Und wo sehen Sie im VoD die größere Perspektive: Bezahlt oder werbefinanziert?
Nun, die Deutschen zahlen nicht gerne (lacht). Also traditionell haben es Bezahlangebote in Deutschland schwieriger, weil der deutsche Fernsehzuschauer mit einer enormen Vielzahl an FreeTV-Sendern verwöhnt ist und anders als die Briten das Gefühl für guten Content eben zahlen zu müssen, noch nicht so verinnerlicht hat. Aber wir drücken all unseren Geschäftspartnern natürlich die Daumen. Übrigens hat das VoD-Geschäft bislang die DVD- und Bluray-Umsätze in keiner Form beeinträchtigt. Auch eine spannende Beobachtung, wie ich finde. Da werden offenbar zumindest zum Teil unterschiedliche Zielgruppen angesprochen und die einzelnen Auswertungsfenster befruchten sich.
Wenn wir über Factual Programming sprechen...
...dann ist das für uns das absolute Kerngeschäft und unser Herz hängt an tollen Koproduktionen. Traditionell haben wir Koproduktionen, Pre-Sales und Katalogverkäufe angeboten. Da kommt jetzt relativ neu das Reversioning hinzu, also die passgenaue Anpassung von Factual-Programmen auf die Bedürfnisse unserer deutschen Kunden, was Verpackung, Länge oder Vertonung angeht. Das haben wir aktuell ja mit VOX umgesetzt bei „Die Geschichte des Menschen“ - und es war wirklich perfekt für den deutschen Markt konfektioniert mit Dieter Moor als Gastgeber, überarbeitetem Ton und nur für die deutsche Fassung produzierten Infografiken. Das hat bewiesen, dass wir auch britische Produktionen, die vielleicht unbearbeitet nicht einfach so nach Deutschland geholt werden könnten, mit unserer Expertise für den jeweiligen Sender passend umsetzen können. Das kommt sehr gut an und hat schon Einiges an neuem Interesse geweckt. Das manchmal angeführte Argument „Das ist zu british“ zählt nicht mehr (lacht).
Was meinen die Sender dann mit „das ist zu british“?
Den Moderator oder die aktuelle Aufhängung des Themas. Manchmal stellen auch banale Dinge, wie auf Großbritannien konzentrierte Infografiken und Animationen in den Programmen, ein kleines Problem dar. Aber das können wir ja ändern, wenn die Produktion an sich überzeugt.

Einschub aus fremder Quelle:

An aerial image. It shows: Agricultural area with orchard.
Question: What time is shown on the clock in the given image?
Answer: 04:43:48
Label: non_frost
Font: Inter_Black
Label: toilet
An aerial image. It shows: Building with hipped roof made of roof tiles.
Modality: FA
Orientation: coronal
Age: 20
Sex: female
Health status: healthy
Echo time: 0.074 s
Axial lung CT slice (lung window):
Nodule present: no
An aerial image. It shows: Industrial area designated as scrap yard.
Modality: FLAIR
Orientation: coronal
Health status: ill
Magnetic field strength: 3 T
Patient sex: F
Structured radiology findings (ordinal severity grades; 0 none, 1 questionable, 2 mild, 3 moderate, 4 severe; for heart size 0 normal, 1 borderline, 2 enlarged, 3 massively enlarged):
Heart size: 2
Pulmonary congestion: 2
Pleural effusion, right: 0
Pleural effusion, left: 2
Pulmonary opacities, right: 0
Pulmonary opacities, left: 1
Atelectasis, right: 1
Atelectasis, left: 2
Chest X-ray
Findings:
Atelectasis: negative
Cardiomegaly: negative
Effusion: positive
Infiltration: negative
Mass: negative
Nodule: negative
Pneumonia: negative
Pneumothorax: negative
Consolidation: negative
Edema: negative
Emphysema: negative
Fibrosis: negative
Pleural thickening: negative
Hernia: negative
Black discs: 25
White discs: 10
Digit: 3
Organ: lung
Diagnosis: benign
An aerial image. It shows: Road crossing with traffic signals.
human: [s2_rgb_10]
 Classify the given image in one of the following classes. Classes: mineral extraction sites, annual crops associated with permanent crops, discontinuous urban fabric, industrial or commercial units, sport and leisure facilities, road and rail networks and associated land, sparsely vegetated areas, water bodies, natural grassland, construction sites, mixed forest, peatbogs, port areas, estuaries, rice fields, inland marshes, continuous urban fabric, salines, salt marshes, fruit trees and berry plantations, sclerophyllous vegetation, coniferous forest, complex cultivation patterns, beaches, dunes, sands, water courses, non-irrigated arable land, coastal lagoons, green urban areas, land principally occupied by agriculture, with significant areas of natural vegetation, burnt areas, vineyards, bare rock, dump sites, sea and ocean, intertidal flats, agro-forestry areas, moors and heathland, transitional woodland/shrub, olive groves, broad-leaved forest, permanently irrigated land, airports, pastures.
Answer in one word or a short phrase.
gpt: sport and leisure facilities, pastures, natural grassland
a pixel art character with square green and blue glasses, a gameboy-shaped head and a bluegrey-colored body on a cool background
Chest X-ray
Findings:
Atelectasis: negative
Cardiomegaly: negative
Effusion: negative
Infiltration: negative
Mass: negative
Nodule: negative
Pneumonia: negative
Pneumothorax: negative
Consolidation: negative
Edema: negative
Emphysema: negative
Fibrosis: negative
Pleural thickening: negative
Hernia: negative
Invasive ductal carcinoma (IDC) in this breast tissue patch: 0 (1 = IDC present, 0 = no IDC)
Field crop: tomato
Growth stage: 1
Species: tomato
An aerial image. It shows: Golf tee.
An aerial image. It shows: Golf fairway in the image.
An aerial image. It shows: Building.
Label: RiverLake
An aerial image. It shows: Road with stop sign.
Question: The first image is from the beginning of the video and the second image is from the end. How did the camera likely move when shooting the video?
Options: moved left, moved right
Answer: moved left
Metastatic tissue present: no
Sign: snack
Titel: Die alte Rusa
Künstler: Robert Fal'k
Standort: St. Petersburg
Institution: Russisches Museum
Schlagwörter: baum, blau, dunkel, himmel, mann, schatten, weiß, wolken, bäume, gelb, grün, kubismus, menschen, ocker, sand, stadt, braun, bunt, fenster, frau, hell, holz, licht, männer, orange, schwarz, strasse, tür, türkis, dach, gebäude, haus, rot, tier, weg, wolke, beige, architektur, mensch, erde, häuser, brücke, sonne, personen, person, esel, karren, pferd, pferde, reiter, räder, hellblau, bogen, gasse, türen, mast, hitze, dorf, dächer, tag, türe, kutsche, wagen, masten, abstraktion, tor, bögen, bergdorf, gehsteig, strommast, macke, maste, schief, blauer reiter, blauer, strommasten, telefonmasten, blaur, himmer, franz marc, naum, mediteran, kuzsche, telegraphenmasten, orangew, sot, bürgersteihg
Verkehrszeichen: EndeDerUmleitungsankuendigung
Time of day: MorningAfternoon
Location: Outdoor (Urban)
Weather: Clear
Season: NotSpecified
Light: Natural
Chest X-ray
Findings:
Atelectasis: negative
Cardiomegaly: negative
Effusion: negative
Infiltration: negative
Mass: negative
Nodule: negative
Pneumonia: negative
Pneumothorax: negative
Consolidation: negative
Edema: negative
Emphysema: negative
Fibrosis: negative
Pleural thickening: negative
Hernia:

Wer sind da Ihre wichtigsten Abnehmer in Deutschland?
Das ZDF bleibt mit seinem „Terra X“-Sendeplatz für Koproduktionen wie „Frozen Planet“ oder das in der Produktion befindliche „Great Bear Stake Out“, sowie mit Ankäufen für die Digitalkanäle ein wichtiger Kunde für uns. Viele Naturfilm-Highlights der BBC entstehen zudem in enger Zusammenarbeit mit der ARD, auf dem Erlebnis Erde Sendeplatz am Montagabend fahren wir mehrmals im Jahr starke Quoten ein. Aber wir haben auch RTL als Koproduzent für „Hidden Kingdom“ gewonnen, wovon es in Liverpool ja erste Bilder zu sehen gab. Das Projekt ist von Beginn an gemeinsam mit RTL entwickelt worden und wird mit Sicherheit neue Akzente für den Naturfilm setzen.
Was sind davon abgesehen im Bereich Factual die wichtigsten Programme im Portfolio dieses Jahr?
Ich denke neben den grossen Blue Chip Produktionen schaffen es vor allem Formate mit starken Charakteren die Grenzen eines nationalen Fernsehmarktes zu überschreiten. Natürlich zählen dazu auch die klassischen Dokumentationen über das Britische Könighaus und mit „Our Queen“ haben wir sicher einen Erfolgsgaranten in unserem Katalog. Mein Geheimtipp ist aber „The Incredible Mr. Goodwin“, ein Factual Entertainment Format mit Jonathan Goodwin – ein moderner Houdini und Stuntman, der noch von sich reden machen wird.
Frau Helle, herzlichen Dank für das Gespräch.